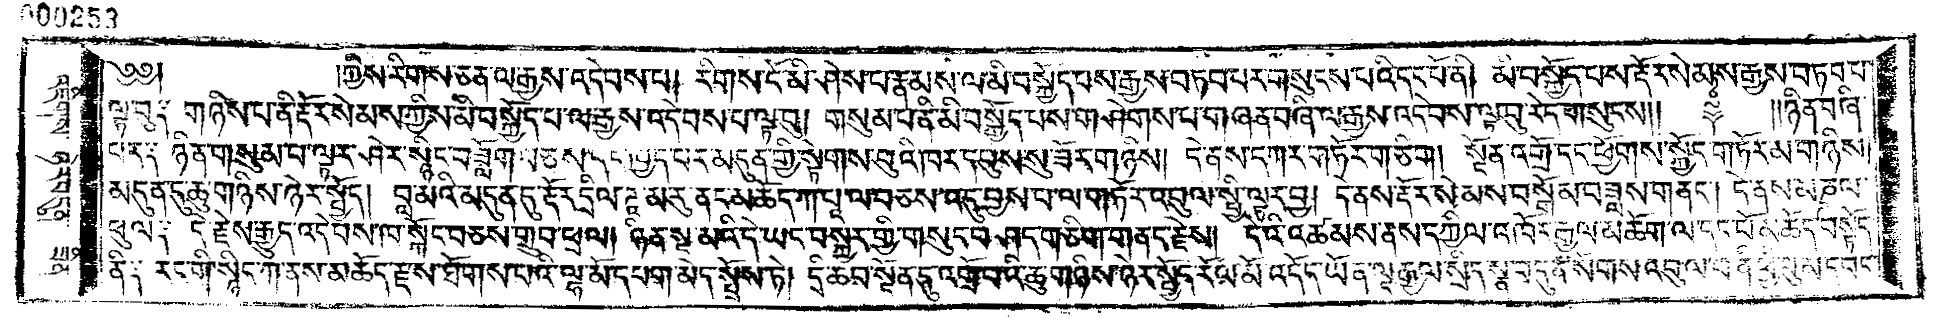༄༅། །ཀྱིས་རིགས་ཅན་ལ་རྒྱས་འདེབས་པ། རིགས་ངོ་མི་ཤེས་པ་རྣམས་ལ་མི་བསྐྱོད་པས་རྒྱས་བཏབ་པར་གསུངས་པའི་དང་པོ་ནི། མི་བསྐྱོད་པས་རྡོར་སེམས་རྒྱས་བཏབ་པ་
ལྟ་བུ། གཉིས་པ་ནི་རྡོར་སེམས་ཀྱིས་མི་བསྐྱོད་པ་ལ་རྒྱས་འདེབས་པ་ལྟ་བུ། གསུམ་པ་ནི་མི་བསྐྱོད་པས་གཤེགས་པ་གཞན་བཞི་ལ་རྒྱས་འདེབས་ལྟ་བུ་རེད་གསུངས།། ༈ །།ཉིན་བཞི་
པར༑ ཉིན་གསུམ་པ་ལྟར་ཤེར་སྙིང་བཟློག་བཅས་དང་ཁྱད་པར་མདུན་གྱི་སྟེགས་བུའི་ཁར་དབུས་སུ་ཟོར་གཉིས། དེ་ནས་དཀར་གཏོར་གཅིག །སྔོན་འགྲོ་དང་ཕྱོགས་སྐྱོང་གཏོར་མ་གཉིས་
མདུན་དུ་ཆུ་གཉིས་ཉེར་སྤྱོད། བླ་མའི་མདུན་དུ་རྡོར་དྲིལ་ཌཱ་མ་རུ་ནང་མཆོད་ཀ་པཱ་ལ་བཅས་འདུ་བྱས་པ་ལ་གཏོར་འབུལ་སྤྱི་ལྟར་བྱ། དེ་ནས་རྡོར་སེམས་བསྒོམ་བཟླས་གནང་། དེ་ནས་མཎྜལ་
ཕུལ༑ དེ་རྗེས་རྒྱུད་འདེབས་ཁ་སྐོང་བཅས་གྲུབ་ཕྲལ། ཉིན་སྔ་མའི་དེ་ཡང་བསྐྱར་གྱི་གསུང་བཤད་གཅིག་གནང་རྗེས། དེའི་འཚམས་ནས་དཀྱིལ་འཁོར་རྒྱལ་མཆོག་ལ་དང་པོ་མཆོད་བསྟོད་
ནི༑ རང་གི་སྙིང་ཀ་ནས་མཆོད་རྫས་ཐོགས་པའི་ལྷ་མོ་དཔག་མེད་སྤྲོས་ཏེ། དྲི་ཆབ་སྔོན་དུ་འགྲོ་བའི་ཆུ་གཉིས་ཉེར་སྤྱོད་རོལ་མོ་འདོད་ཡོན་ལྔ་རྒྱལ་སྲིད་སྣ་བདུན་སོགས་འབུལ་བ་ནི་ཕྱི་བུམ་དབང་

### TASK PROMPT
Print the records word for word and exclude any picture they hold.

### RESULT BELOW
༄༅། །ཀྱིས་རིགས་ཅན་ལ་རྒྱས་འདེབས་པ། རིགས་ངོ་མི་ཤེས་པ་རྣམས་ལ་མི་བསྐྱོད་པས་རྒྱས་བཏབ་པར་གསུངས་པའི་དང་པོ་ནི། མི་བསྐྱོད་པས་རྡོར་སེམས་རྒྱས་བཏབ་པ་
ལྟ་བུ། གཉིས་པ་ནི་རྡོར་སེམས་ཀྱིས་མི་བསྐྱོད་པ་ལ་རྒྱས་འདེབས་པ་ལྟ་བུ། གསུམ་པ་ནི་མི་བསྐྱོད་པས་གཤེགས་པ་གཞན་བཞི་ལ་རྒྱས་འདེབས་ལྟ་བུ་རེད་གསུངས།། ༈ །།ཉིན་བཞི་
པར༑ ཉིན་གསུམ་པ་ལྟར་ཤེར་སྙིང་བཟློག་བཅས་དང་ཁྱད་པར་མདུན་གྱི་སྟེགས་བུའི་ཁར་དབུས་སུ་ཟོར་གཉིས། དེ་ནས་དཀར་གཏོར་གཅིག །སྔོན་འགྲོ་དང་ཕྱོགས་སྐྱོང་གཏོར་མ་གཉིས་
མདུན་དུ་ཆུ་གཉིས་ཉེར་སྤྱོད། བླ་མའི་མདུན་དུ་རྡོར་དྲིལ་ཌཱ་མ་རུ་ནང་མཆོད་ཀ་པཱ་ལ་བཅས་འདུ་བྱས་པ་ལ་གཏོར་འབུལ་སྤྱི་ལྟར་བྱ། དེ་ནས་རྡོར་སེམས་བསྒོམ་བཟླས་གནང་། དེ་ནས་མཎྜལ་
ཕུལ༑ དེ་རྗེས་རྒྱུད་འདེབས་ཁ་སྐོང་བཅས་གྲུབ་ཕྲལ། ཉིན་སྔ་མའི་དེ་ཡང་བསྐྱར་གྱི་གསུང་བཤད་གཅིག་གནང་རྗེས། དེའི་འཚམས་ནས་དཀྱིལ་འཁོར་རྒྱལ་མཆོག་ལ་དང་པོ་མཆོད་བསྟོད་
ནི༑ རང་གི་སྙིང་ཀ་ནས་མཆོད་རྫས་ཐོགས་པའི་ལྷ་མོ་དཔག་མེད་སྤྲོས་ཏེ། དྲི་ཆབ་སྔོན་དུ་འགྲོ་བའི་ཆུ་གཉིས་ཉེར་སྤྱོད་རོལ་མོ་འདོད་ཡོན་ལྔ་རྒྱལ་སྲིད་སྣ་བདུན་སོགས་འབུལ་བ་ནི་ཕྱི་བུམ་དབང་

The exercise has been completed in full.